Kalikar Saurabh, Jain Chirag, Vasimuddin Md, Misra Sanchit
Intel Labs, Bangalore, India.
Department of Computational and Data Sciences, Indian Institute of Science, Bangalore, India.
Nat Comput Sci. 2022 Feb;2(2):78-83. doi: 10.1038/s43588-022-00201-8. Epub 2022 Feb 28.

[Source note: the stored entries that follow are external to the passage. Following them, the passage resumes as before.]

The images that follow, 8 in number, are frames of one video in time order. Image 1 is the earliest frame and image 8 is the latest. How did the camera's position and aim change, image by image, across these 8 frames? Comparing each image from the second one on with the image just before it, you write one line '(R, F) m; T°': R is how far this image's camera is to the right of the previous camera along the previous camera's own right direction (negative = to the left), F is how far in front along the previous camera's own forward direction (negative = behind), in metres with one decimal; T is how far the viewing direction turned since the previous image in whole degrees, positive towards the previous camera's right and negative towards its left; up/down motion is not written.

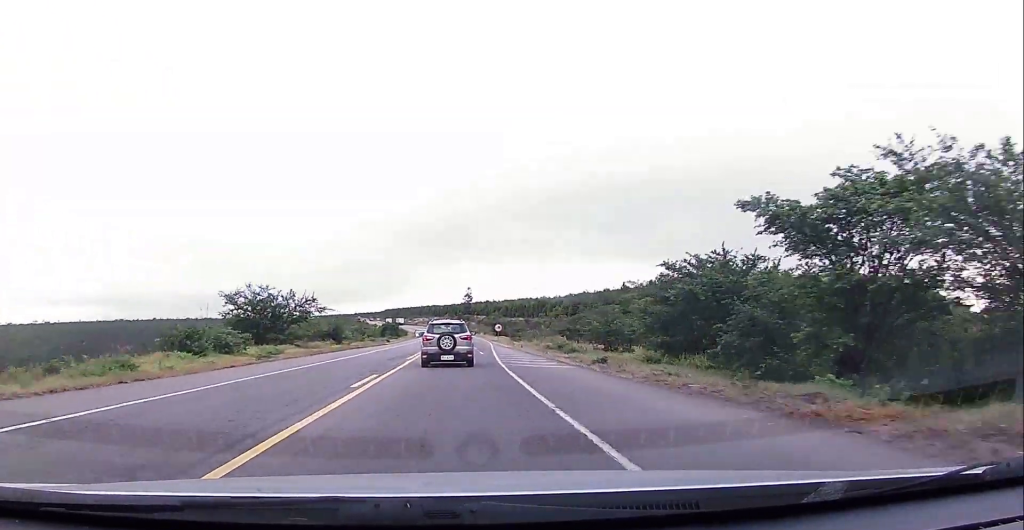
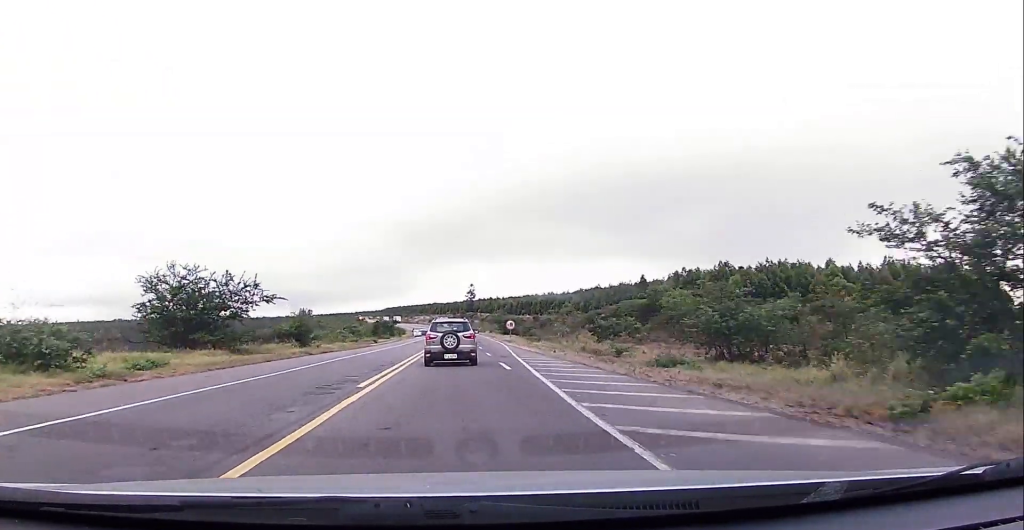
(+0.1, +16.3) m; 0°
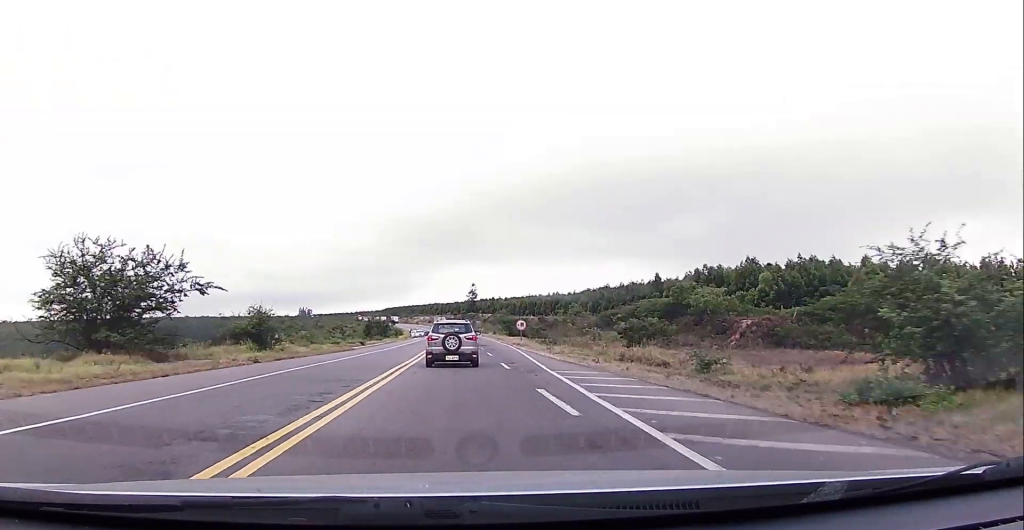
(+0.1, +10.9) m; 0°
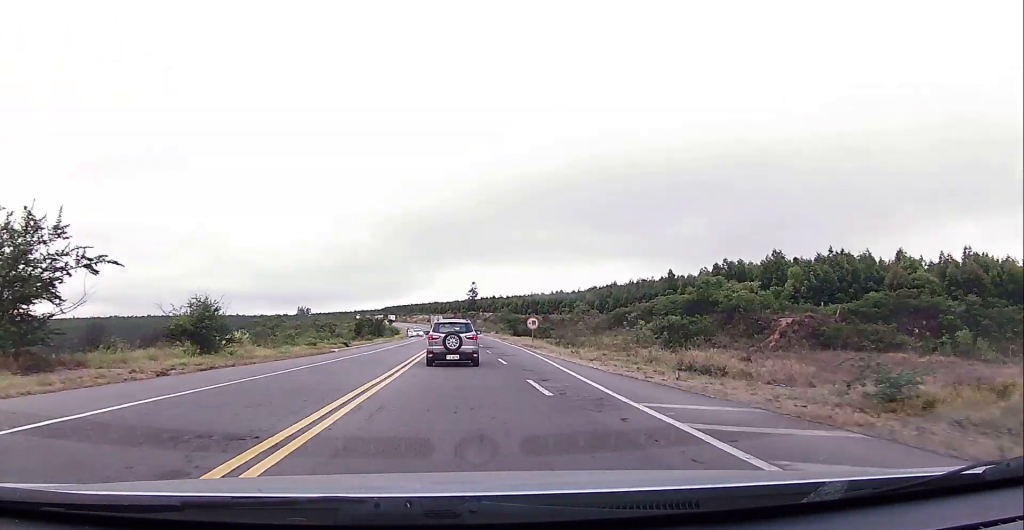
(0.0, +9.3) m; 0°
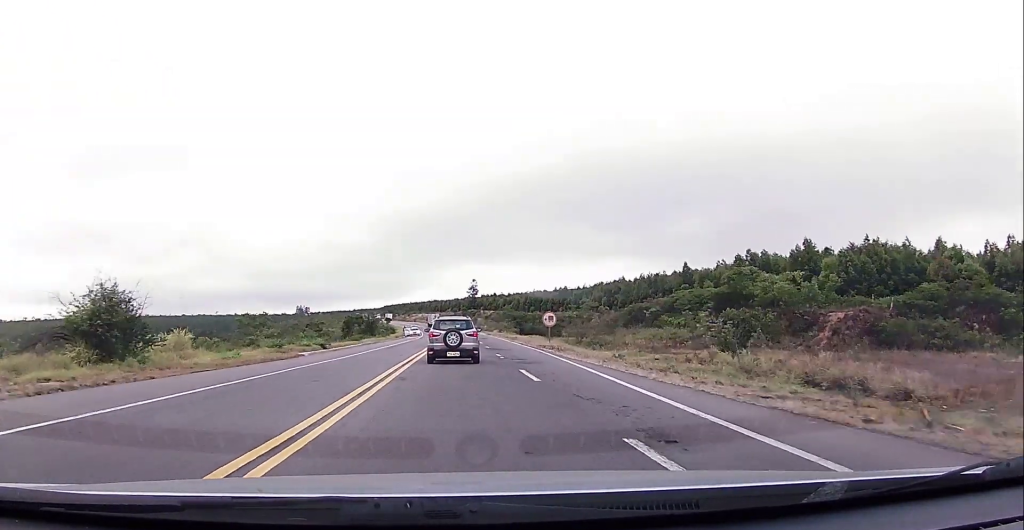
(-0.1, +9.3) m; 0°
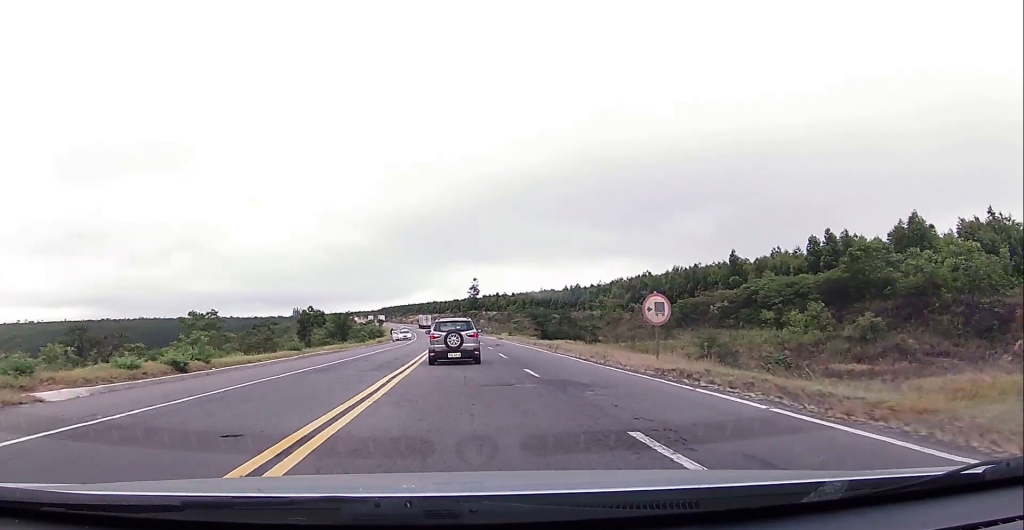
(+0.1, +23.5) m; 0°
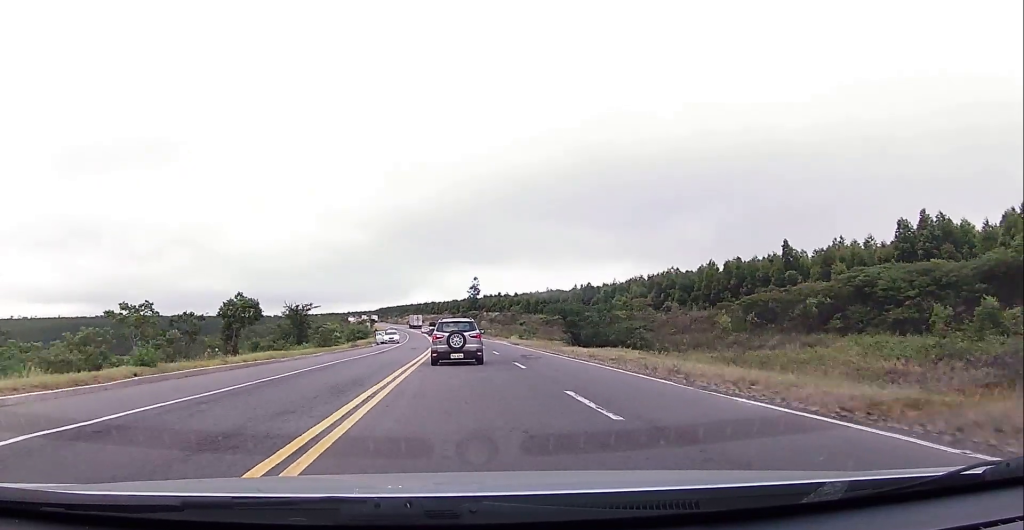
(0.0, +19.0) m; 0°
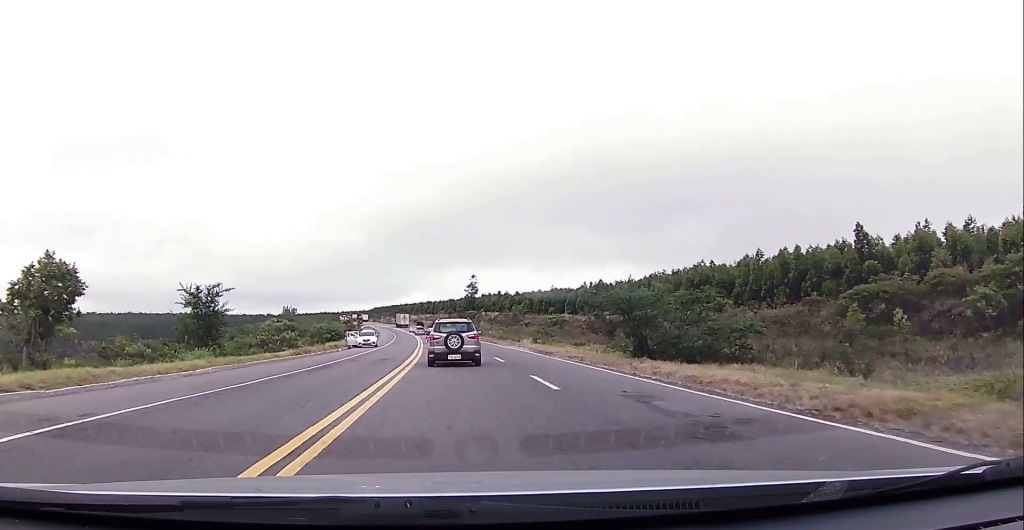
(0.0, +19.1) m; 0°

Long-read sequencing is now routinely used at scale for genomics and transcriptomics applications. Mapping long reads or a draft genome assembly to a reference sequence is often one of the most time-consuming steps in these applications. Here we present techniques to accelerate minimap2, a widely used software for this task. We present multiple optimizations using single-instruction multiple-data parallelization, efficient cache utilization and a learned index data structure to accelerate the three main computational modules of minimap2: seeding, chaining and pairwise sequence alignment. These optimizations result in an up to 1.8-fold reduction of end-to-end mapping time of minimap2 while maintaining identical output.
长读长测序现在已在基因组学和转录组学应用中大规模常规使用。将长读长或基因组草图组装映射到参考序列通常是这些应用中最耗时的步骤之一。在此,我们展示了加速minimap2的技术,minimap2是用于此任务的广泛使用的软件。我们使用单指令多数据并行化、高效缓存利用和学习索引数据结构提出了多种优化方法,以加速minimap2的三个主要计算模块:种子比对、链接和成对序列比对。这些优化使minimap2的端到端映射时间最多减少1.8倍,同时保持输出相同。